It can be seen from the method that , In addition to event matching, it also uses SparkListenerInterface
protected override def doPostEvent(
listener: SparkListenerInterface,
event: SparkListenerEvent): Unit = {
event match {
case stageSubmitted: SparkListenerStageSubmitted =>
listener.onStageSubmitted(stageSubmitted)
case stageCompleted: SparkListenerStageCompleted =>
listener.onStageCompleted(stageCompleted)
case jobStart: SparkListenerJobStart =>
listener.onJobStart(jobStart)
case jobEnd: SparkListenerJobEnd =>
listener.onJobEnd(jobEnd)
case taskStart: SparkListenerTaskStart =>
listener.onTaskStart(taskStart)
case taskGettingResult: SparkListenerTaskGettingResult =>
listener.onTaskGettingResult(taskGettingResult)
case taskEnd: SparkListenerTaskEnd =>
listener.onTaskEnd(taskEnd)
case environmentUpdate: SparkListenerEnvironmentUpdate =>
listener.onEnvironmentUpdate(environmentUpdate)
case blockManagerAdded: SparkListenerBlockManagerAdded =>
listener.onBlockManagerAdded(blockManagerAdded)

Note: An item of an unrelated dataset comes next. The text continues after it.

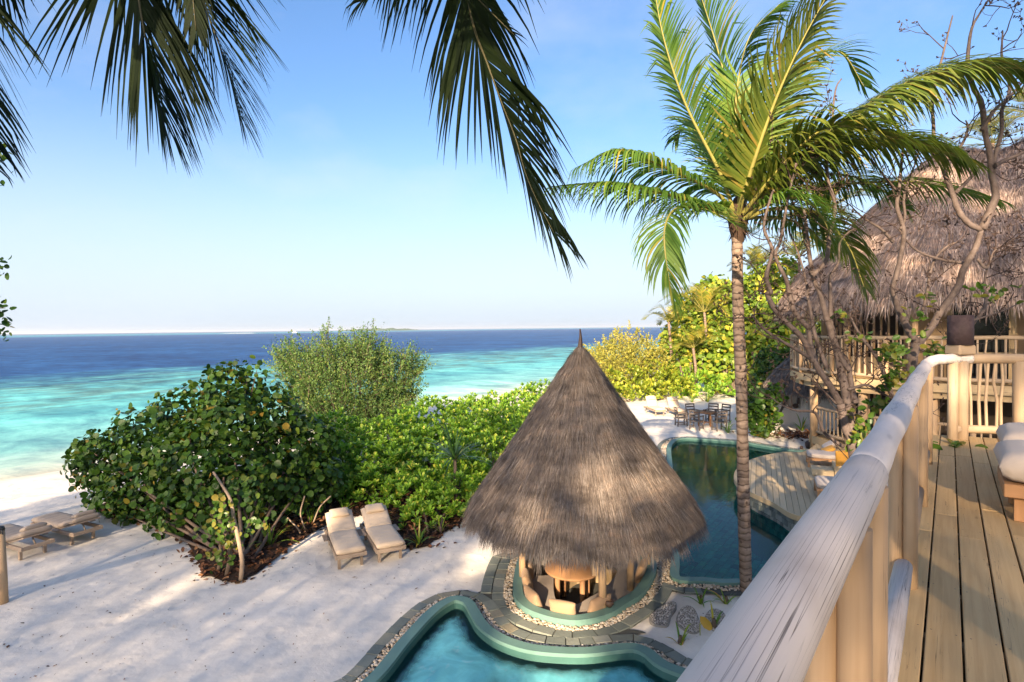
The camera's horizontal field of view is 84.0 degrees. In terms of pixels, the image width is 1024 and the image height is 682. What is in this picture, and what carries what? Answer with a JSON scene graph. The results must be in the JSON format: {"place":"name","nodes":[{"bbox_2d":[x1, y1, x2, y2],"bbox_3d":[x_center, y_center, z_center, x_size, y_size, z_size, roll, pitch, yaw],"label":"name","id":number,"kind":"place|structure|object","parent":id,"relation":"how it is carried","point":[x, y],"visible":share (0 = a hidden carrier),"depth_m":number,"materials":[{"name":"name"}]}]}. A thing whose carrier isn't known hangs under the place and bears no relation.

case blockManagerRemoved: SparkListenerBlockManagerRemoved =>
listener.onBlockManagerRemoved(blockManagerRemoved)
case unpersistRDD: SparkListenerUnpersistRDD =>
listener.onUnpersistRDD(unpersistRDD)
case applicationStart: SparkListenerApplicationStart =>
listener.onApplicationStart(applicationStart)
case applicationEnd: SparkListenerApplicationEnd =>
listener.onApplicationEnd(applicationEnd)
case metricsUpdate: SparkListenerExecutorMetricsUpdate =>
listener.onExecutorMetricsUpdate(metricsUpdate)
case executorAdded: SparkListenerExecutorAdded =>
listener.onExecutorAdded(executorAdded)
case executorRemoved: SparkListenerExecutorRemoved =>
listener.onExecutorRemoved(executorRemoved)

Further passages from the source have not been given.